(Stored dataset items)

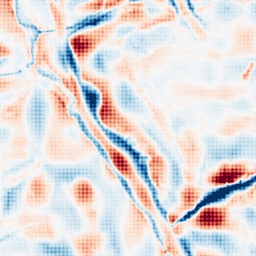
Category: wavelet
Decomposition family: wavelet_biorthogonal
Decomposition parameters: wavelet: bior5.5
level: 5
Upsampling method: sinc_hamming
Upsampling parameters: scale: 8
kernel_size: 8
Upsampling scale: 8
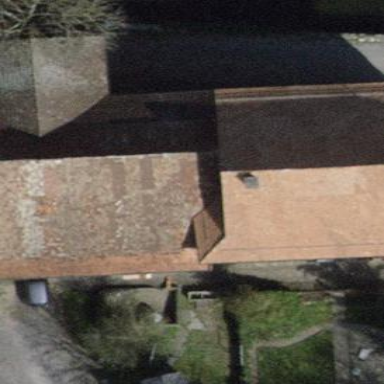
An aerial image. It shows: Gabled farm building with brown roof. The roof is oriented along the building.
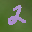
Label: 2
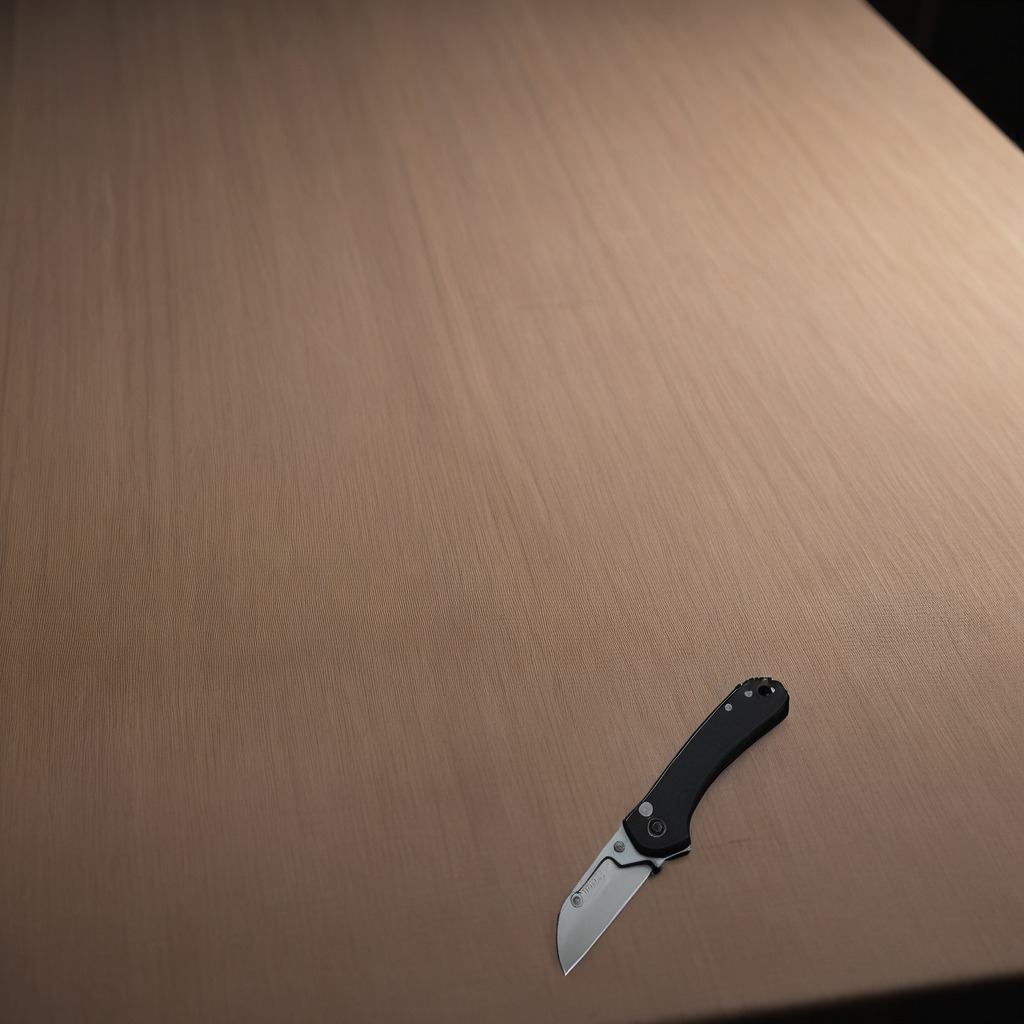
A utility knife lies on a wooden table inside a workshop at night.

---

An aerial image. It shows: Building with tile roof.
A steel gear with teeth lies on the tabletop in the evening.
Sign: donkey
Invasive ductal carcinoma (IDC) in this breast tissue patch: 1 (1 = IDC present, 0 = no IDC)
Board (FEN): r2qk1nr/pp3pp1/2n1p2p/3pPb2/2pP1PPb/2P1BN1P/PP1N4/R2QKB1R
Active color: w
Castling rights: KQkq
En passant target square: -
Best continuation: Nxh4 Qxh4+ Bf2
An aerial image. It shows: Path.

→ **What this task involves**
Only the lines above from the line containing "An aerial image. It shows: Building" through the line containing "An aerial image. It shows: Path." should be retyped, exactly and with both ends included.

→ **Problem solution**
An aerial image. It shows: Building with tile roof.
A steel gear with teeth lies on the tabletop in the evening.
Sign: donkey
Invasive ductal carcinoma (IDC) in this breast tissue patch: 1 (1 = IDC present, 0 = no IDC)
Board (FEN): r2qk1nr/pp3pp1/2n1p2p/3pPb2/2pP1PPb/2P1BN1P/PP1N4/R2QKB1R
Active color: w
Castling rights: KQkq
En passant target square: -
Best continuation: Nxh4 Qxh4+ Bf2
An aerial image. It shows: Path.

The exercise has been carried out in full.